◆ **Exercise directions**: Return the data below exactly as given, except for the images.

◆ **Provided records**:
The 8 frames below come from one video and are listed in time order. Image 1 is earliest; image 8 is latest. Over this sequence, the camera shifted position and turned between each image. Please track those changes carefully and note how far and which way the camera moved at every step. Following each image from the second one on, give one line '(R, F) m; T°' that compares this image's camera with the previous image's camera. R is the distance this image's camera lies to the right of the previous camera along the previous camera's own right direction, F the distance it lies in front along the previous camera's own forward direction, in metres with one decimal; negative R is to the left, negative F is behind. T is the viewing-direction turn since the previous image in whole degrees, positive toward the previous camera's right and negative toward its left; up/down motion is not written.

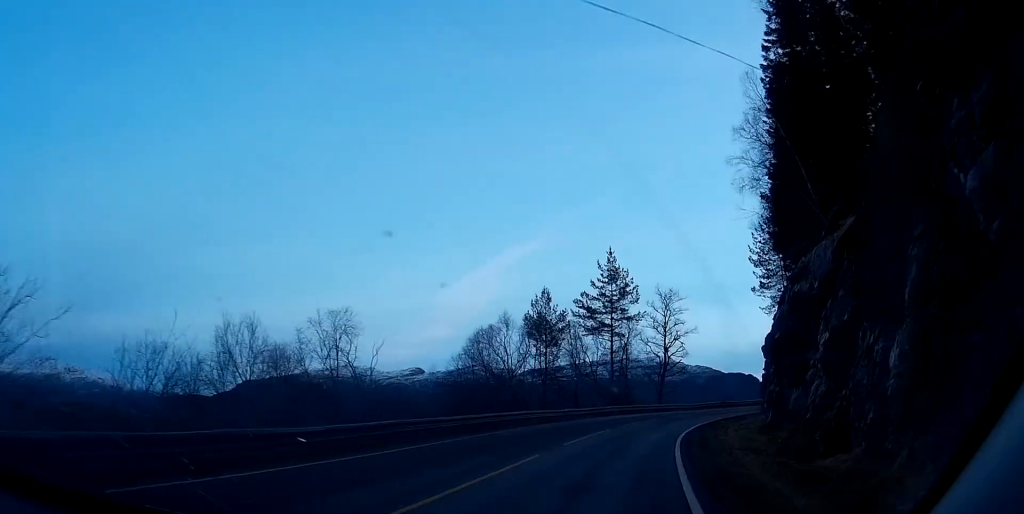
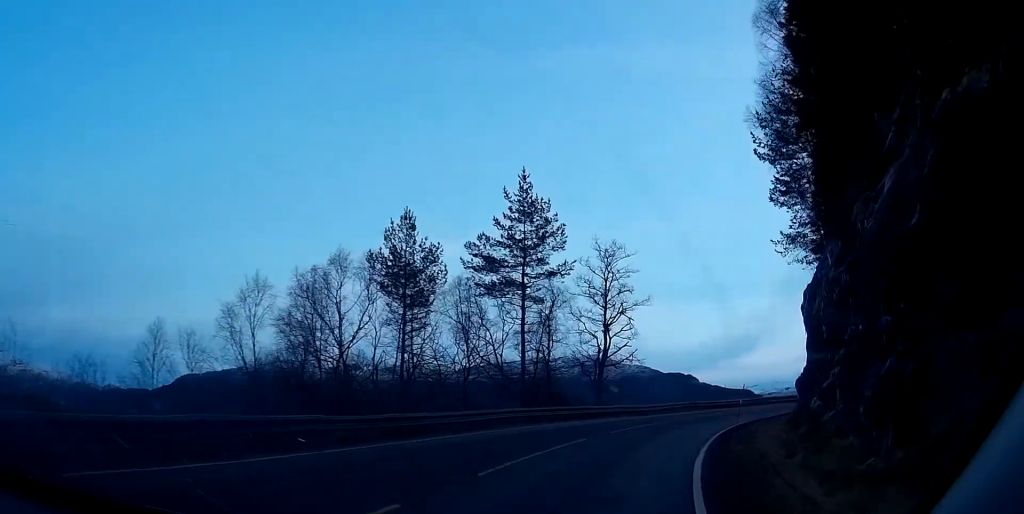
(+0.3, +21.1) m; +5°
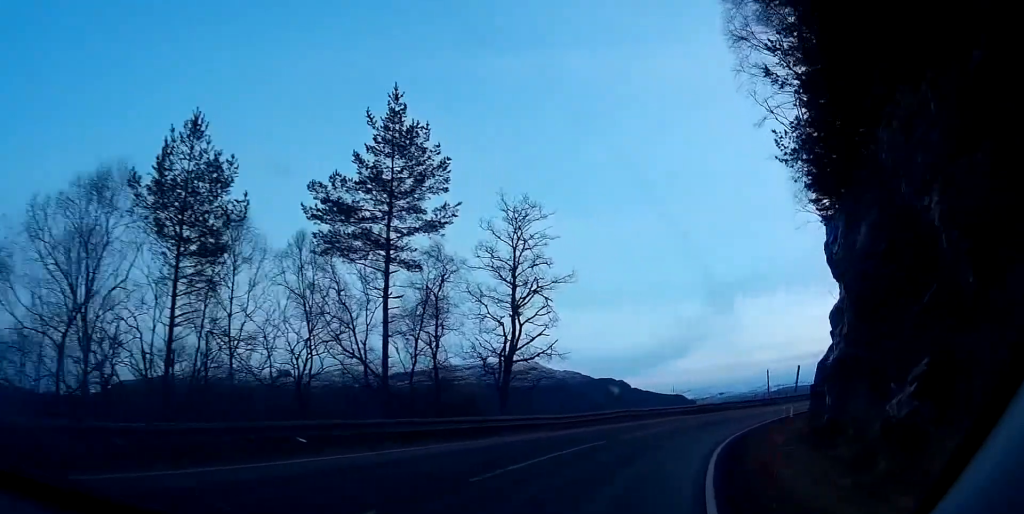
(+0.7, +12.4) m; +5°
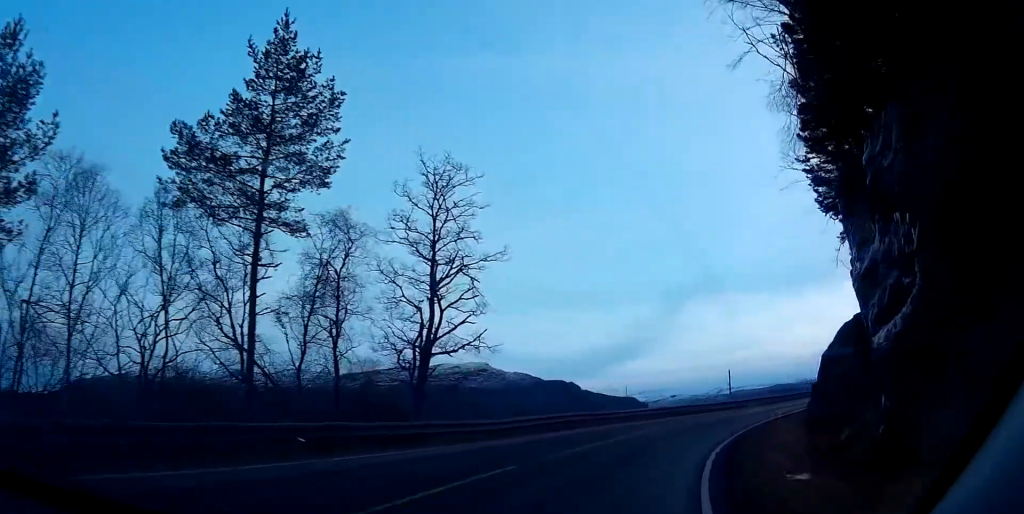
(+0.2, +6.8) m; +3°
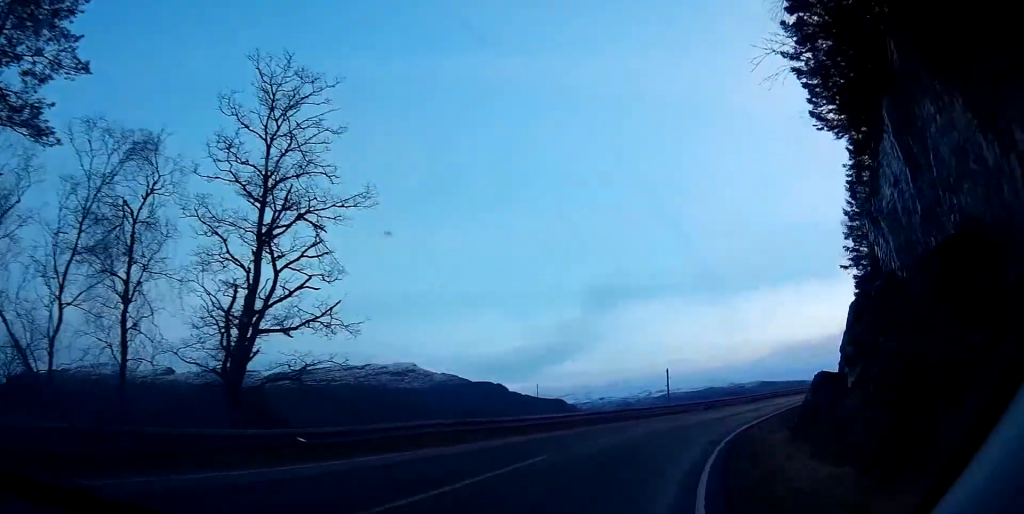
(0.0, +10.1) m; +6°
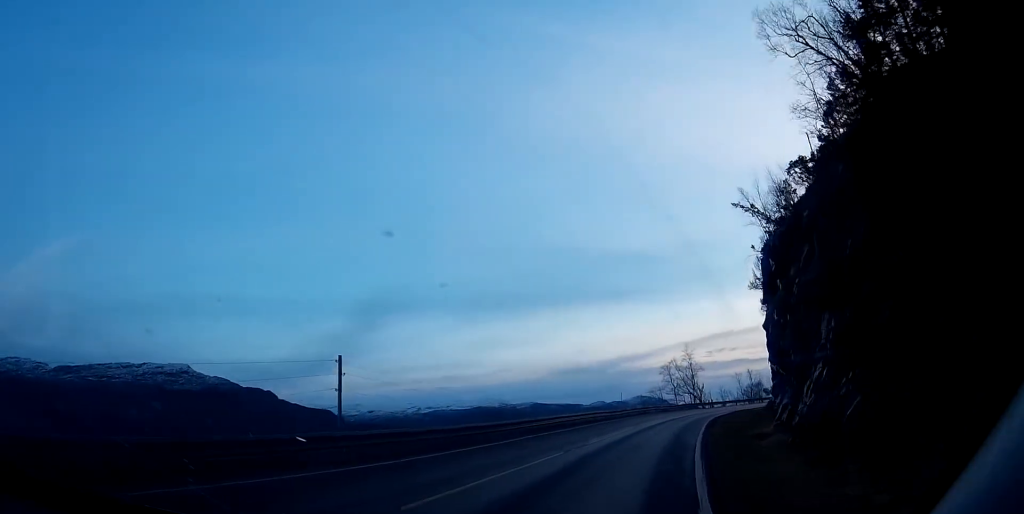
(+6.7, +35.4) m; +17°
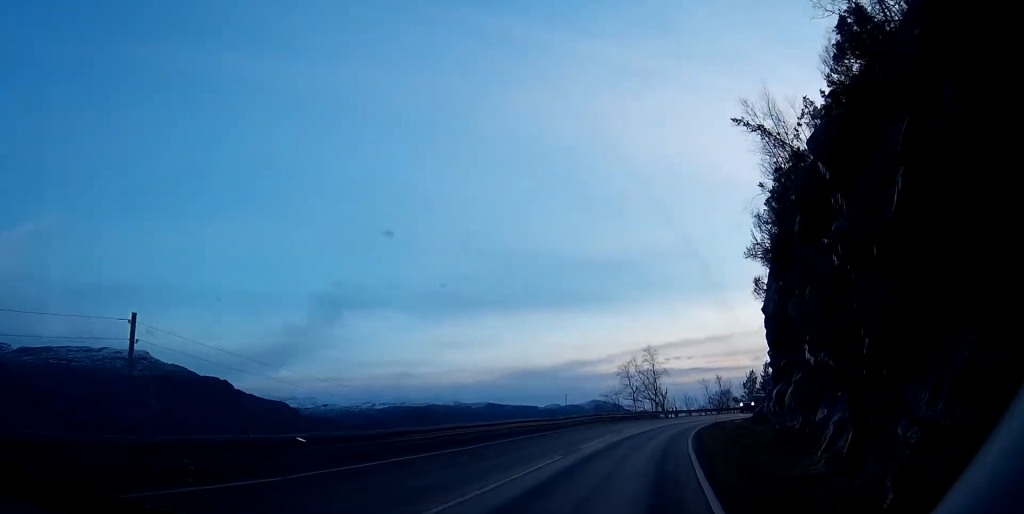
(+0.4, +12.4) m; +3°
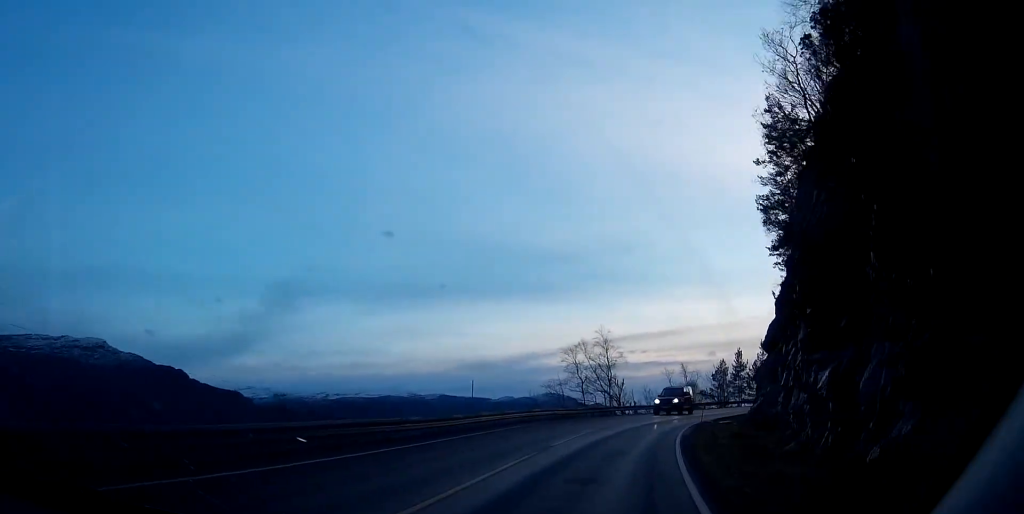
(+0.4, +13.9) m; +4°

◆ **Result of this task**:
The 8 frames below come from one video and are listed in time order. Image 1 is earliest; image 8 is latest. Over this sequence, the camera shifted position and turned between each image. Please track those changes carefully and note how far and which way the camera moved at every step. Following each image from the second one on, give one line '(R, F) m; T°' that compares this image's camera with the previous image's camera. R is the distance this image's camera lies to the right of the previous camera along the previous camera's own right direction, F the distance it lies in front along the previous camera's own forward direction, in metres with one decimal; negative R is to the left, negative F is behind. T is the viewing-direction turn since the previous image in whole degrees, positive toward the previous camera's right and negative toward its left; up/down motion is not written.

(+0.3, +21.1) m; +5°
(+0.7, +12.4) m; +5°
(+0.2, +6.8) m; +3°
(0.0, +10.1) m; +6°
(+6.7, +35.4) m; +17°
(+0.4, +12.4) m; +3°
(+0.4, +13.9) m; +4°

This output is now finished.